В книге рассказывается история главного героя, который сталкивается с различными проблемами и препятствиями на протяжении всего своего путешествия. По пути он встречает множество второстепенных персонажей, которые играют важные роли в истории. Благодаря опыту главного героя книга исследует такие темы, как любовь, потеря, надежда и стойкость. По мере того, как главный герой преодолевает свои трудности, он усваивает ценные уроки жизни и растет как личность.
ББК 84.445 Д87 Дышленко Б.И. Контуры и силуэты. — СПб.: Издательство ДЕАН, 2002. — 256 с. «…и всеобщая паника, сметающая ряды театральных кресел, и красный луч лазерного прицела, разрезающий фиолетовый пар, и паника на площади, в завихрении вокруг гранитного столба, и воздетые руки пророков над обезумевшей от страха толпой, разинутые в беззвучном крике рты искаженных ужасом лиц, и кровь и мигалки патрульных машин, говорящее что-то лицо комментатора, темные медленно шевелящиеся клубки, рвущихся в улицы, топчущих друг друга людей, и общий план через резкий крест черного ангела на бурлящую площадь, рассеченную бледными молниями трассирующих очередей.» ISBN 5-93630-142-7 © Дышленко Б.И., 2002 © Издательство ДЕАН, 2002.
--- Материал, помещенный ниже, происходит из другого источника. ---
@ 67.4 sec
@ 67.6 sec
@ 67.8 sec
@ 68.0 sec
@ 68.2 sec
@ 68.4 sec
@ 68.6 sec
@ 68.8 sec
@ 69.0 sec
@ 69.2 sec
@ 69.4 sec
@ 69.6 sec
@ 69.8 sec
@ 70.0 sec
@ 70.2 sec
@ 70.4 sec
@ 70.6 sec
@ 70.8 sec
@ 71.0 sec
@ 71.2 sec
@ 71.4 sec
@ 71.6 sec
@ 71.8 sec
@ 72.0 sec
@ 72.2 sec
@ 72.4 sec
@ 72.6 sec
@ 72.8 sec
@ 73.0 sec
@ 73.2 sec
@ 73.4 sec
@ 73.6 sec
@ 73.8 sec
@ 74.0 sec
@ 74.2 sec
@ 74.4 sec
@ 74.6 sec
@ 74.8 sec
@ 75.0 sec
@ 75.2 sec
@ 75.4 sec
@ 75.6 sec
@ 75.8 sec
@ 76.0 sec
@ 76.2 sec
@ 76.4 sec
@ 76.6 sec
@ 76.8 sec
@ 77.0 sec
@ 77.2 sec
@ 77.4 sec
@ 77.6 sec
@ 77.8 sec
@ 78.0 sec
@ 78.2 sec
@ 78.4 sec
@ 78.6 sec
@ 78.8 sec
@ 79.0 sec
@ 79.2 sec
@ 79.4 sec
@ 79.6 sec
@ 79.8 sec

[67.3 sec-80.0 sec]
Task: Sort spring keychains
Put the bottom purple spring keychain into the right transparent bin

Вам знакомо выражение «Учёные выяснили»? И это вовсе не смешно! Они действительно постоянно выясняют и открывают, да такое, что диву даёшься. Вот и в этой книге описано одно из грандиозных открытий видного белорусского учёного Валентина Валентиновича: его истоки и невероятные последствия, оказавшие влияние на весь наш жизненный уклад. Как всё начиналось и к чему всё пришло. Чего мы вообще хотим?
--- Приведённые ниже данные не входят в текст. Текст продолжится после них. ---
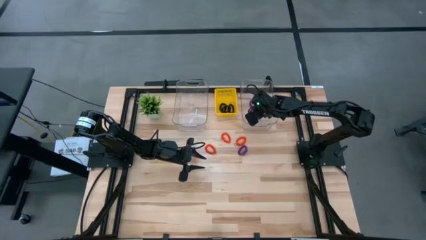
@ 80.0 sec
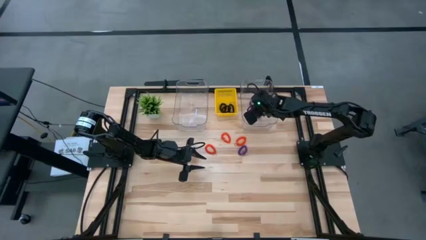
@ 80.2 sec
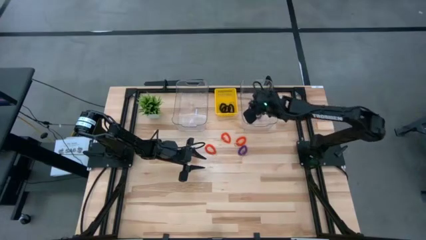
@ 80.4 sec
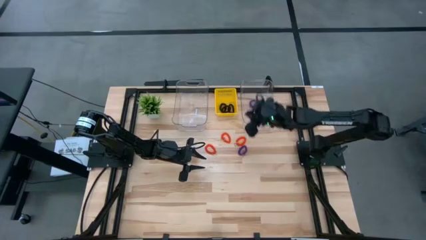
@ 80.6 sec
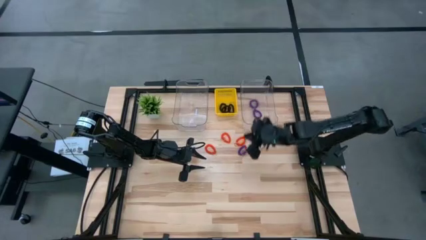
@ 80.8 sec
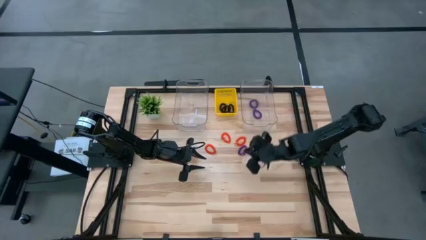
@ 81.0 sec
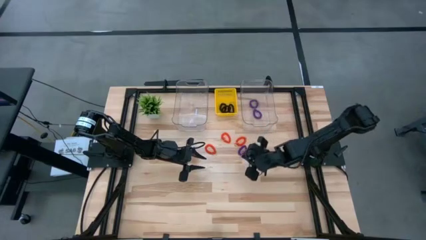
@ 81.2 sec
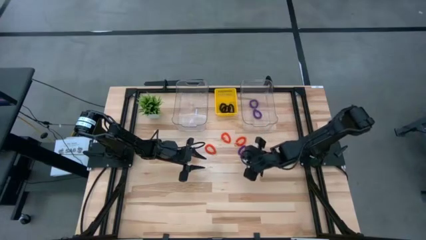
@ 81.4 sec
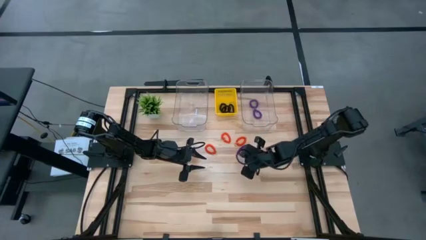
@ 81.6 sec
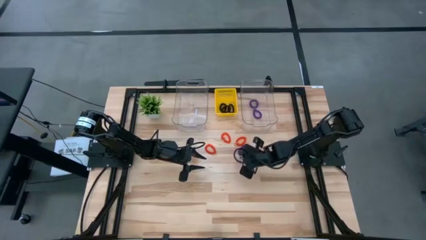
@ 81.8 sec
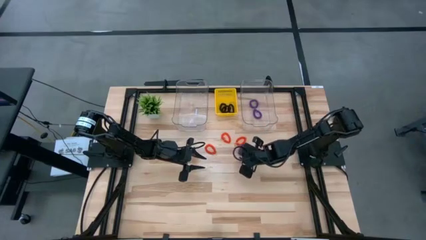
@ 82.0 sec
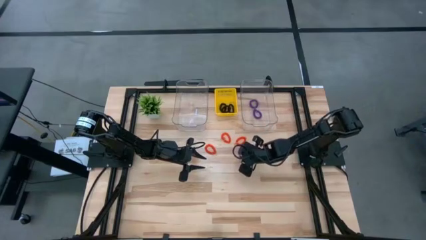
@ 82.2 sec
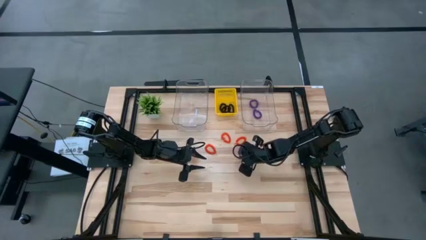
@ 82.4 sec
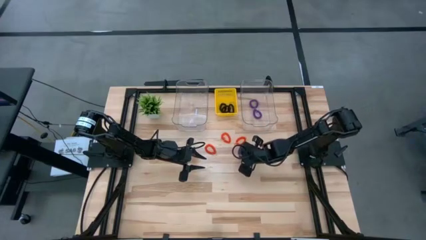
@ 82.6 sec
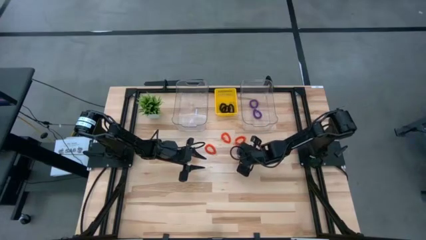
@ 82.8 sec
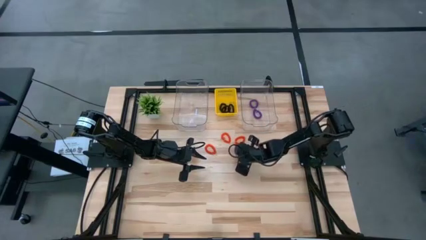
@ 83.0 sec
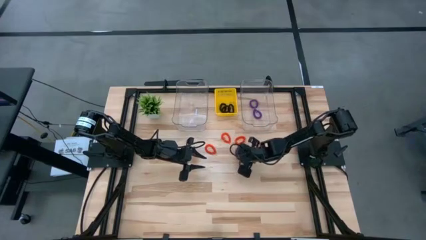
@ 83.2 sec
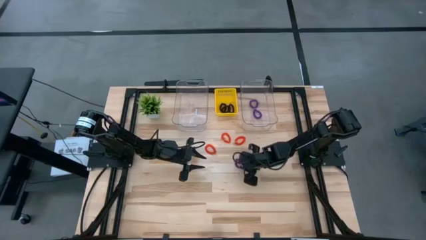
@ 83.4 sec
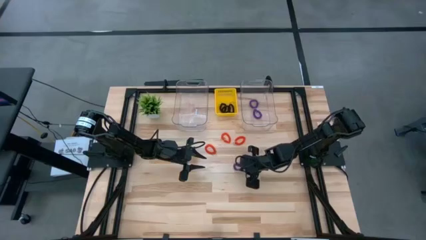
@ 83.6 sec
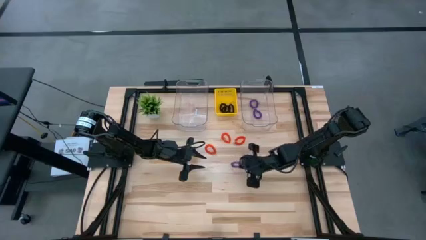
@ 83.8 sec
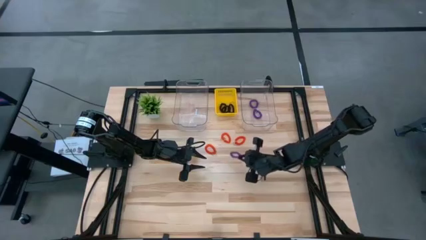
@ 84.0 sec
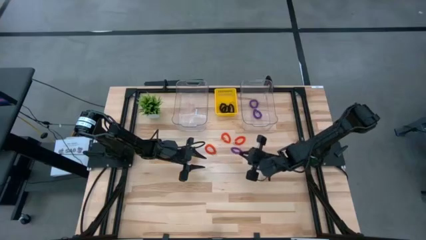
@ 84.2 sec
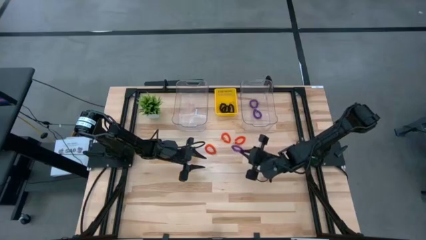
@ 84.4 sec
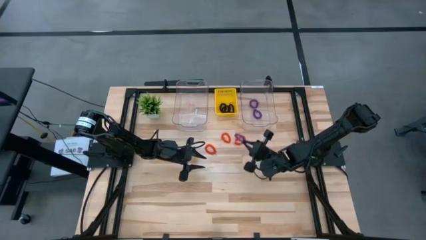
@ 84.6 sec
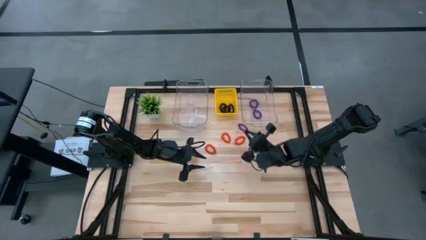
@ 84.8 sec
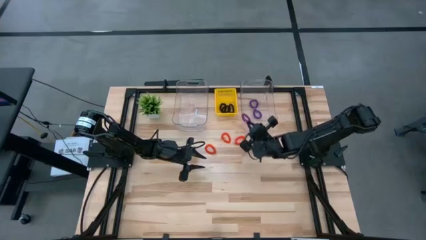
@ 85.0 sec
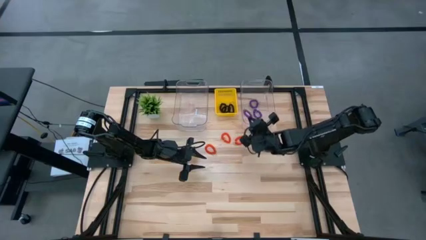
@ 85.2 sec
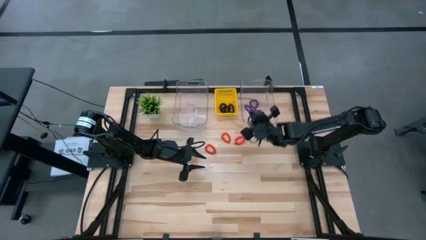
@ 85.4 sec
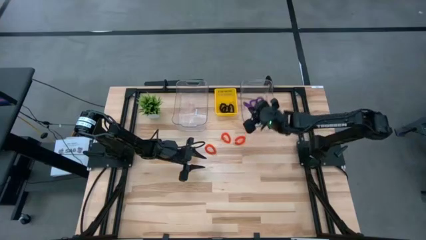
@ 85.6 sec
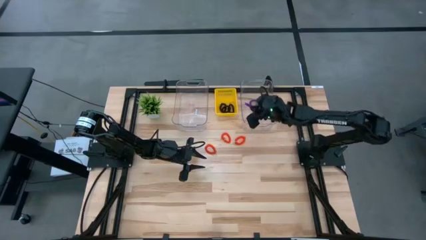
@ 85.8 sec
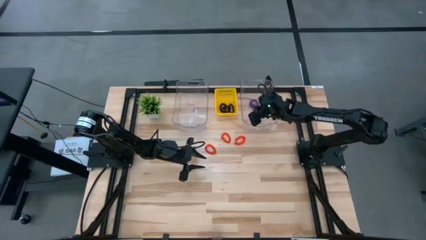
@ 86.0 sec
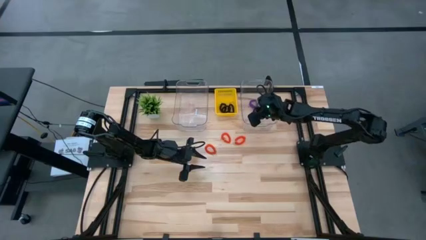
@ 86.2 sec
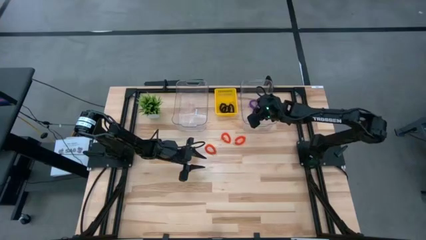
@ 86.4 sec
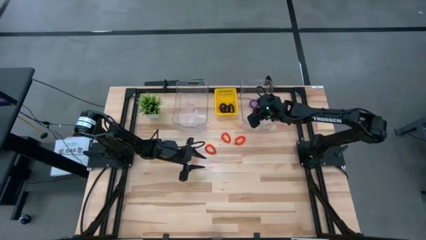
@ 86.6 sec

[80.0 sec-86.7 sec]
Put the purple spring keychain into the right transparent bin

В книге рассказывается история главного героя, который сталкивается с различными проблемами и препятствиями на протяжении всего своего путешествия. По пути он встречает множество второстепенных персонажей, которые играют важные роли в истории. Благодаря опыту главного героя книга исследует такие темы, как любовь, потеря, надежда и стойкость. По мере того, как главный герой преодолевает свои трудности, он усваивает ценные уроки жизни и растет как личность.